I had been thinking about how USDC in the protocol could be a significant fall back if for some crazy reason DAI price started to fall. I was thinking about systemic risk events - the big ones that could just screw everything up pretty bad. Most people tend to ignore these now. I mean who wants to mess with crypto especially when the big banks and players want to sell it to the masses. Right?!

One thing that has been bugging me lately is a long ago concept of antifragility of these in crypto and the whole cyberpunk approach to societal change. I honestly don’t think antifragility it is possible since money has to land to transact for necessary goods and that is where the old system steps in with KYC/AML, taxes, transaction tracking etc… I remember the old days of Bitcoin where value and price growth was measured by how many merchants would take the BTC for ‘stuff’. Now I look at this space and wonder the same thing. Money is only as good as what you can use it for. I mean even if I get a zillion percent interest on something, and traders think it is worth something If I can’t spend the thing anywhere, for more than 5% of what I need, then what is the point.? Money is only as good as what I can trade it for, where.

I really think the biggest things missing in this space is the crypto bizaar where you literally can buy anything and what 10 years later I feel like I can buy less today with crypto than I could even 5 or 6 years ago. But hey there are crypto credit cards. lol

Everytime I hear about taxes, and KYC/AML I keep thinking of a UNODC 2011 report that pretty much highlighted how much of a FAIL AML has been indicating a disctintive need for a change.

I fully expect legislators in the west to grab a hold of these systems with both hands declaring ‘time for a change’ and it will be full control.
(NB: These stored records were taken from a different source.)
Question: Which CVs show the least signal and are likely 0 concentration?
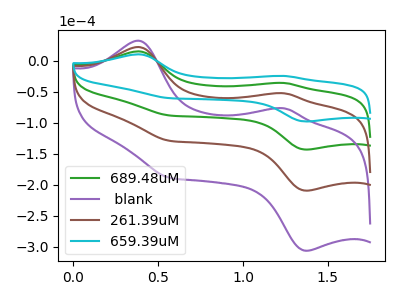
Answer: <think>The green curve "689.48uM" has anodic peaks at (0.40V, 15.10uA) (1.25V, -36.00uA) and cathodic peaks at (1.35V, -143.35uA) (0.55V, -88.30uA). The purple curve " blank" has anodic peaks at (0.40V, 45.25uA) (1.25V, -107.95uA) and cathodic peaks at (1.35V, -430.00uA) (0.55V, -264.90uA). The brown curve "261.39uM" has anodic peaks at (0.40V, 30.15uA) (1.25V, -72.00uA) and cathodic peaks at (1.35V, -286.65uA) (0.55V, -176.60uA). The cyan curve "659.39uM" has anodic peaks at (0.40V, 10.30uA) (1.25V, -24.60uA) and cathodic peaks at (1.35V, -98.00uA) (0.55V, -60.40uA).</think>
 <answer>There are not any CV's on this graph that are likely to be blanks.</answer>
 <eval>none</eval>

I also have this vague feeling after seeing loan rates continue to decline and a descent into negative rates, for every bank, and every financial instrument, to basically implement negative rates. Imagine tomorrow you can only redeem your USDC for USD at .999, then .998 etc. etc. and the USD that lives in any account to be drained. At some point holding cash will be illegal and rebasing applied to digital versions of cash pretty much the new norm.
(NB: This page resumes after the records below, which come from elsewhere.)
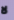
لا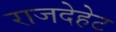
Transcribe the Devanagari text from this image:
राजदेहेट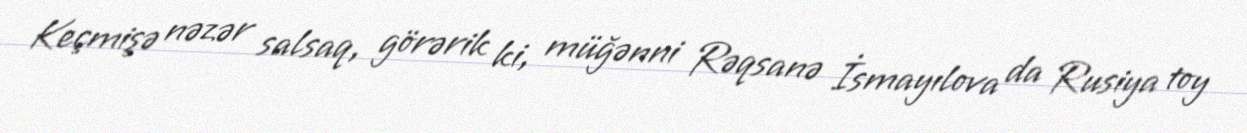
Keçmişə nəzər salsaq, görərik ki, müğənni Rəqsanə İsmayılova da Rusiya toy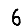
Digit: 6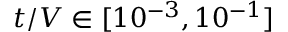
t / V \in [ 1 0 ^ { - 3 } , 1 0 ^ { - 1 } ]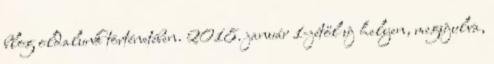
blog oldalunk történetében. 2018. január 1-jétől új helyen, megújulva,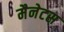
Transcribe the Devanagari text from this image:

The trap we are falling into is to make money we are giving up on an idea. To so radically transform how we conceive of money, how we do business, in such a way as to transform society itself. It looks less and less likely that this can be done without significant battles in the new system with the old.

We keep coming back to the same theme over and over again. Highlighted to some extent in the classic Matrix Trilogy.

Two shorts “What is Control?”.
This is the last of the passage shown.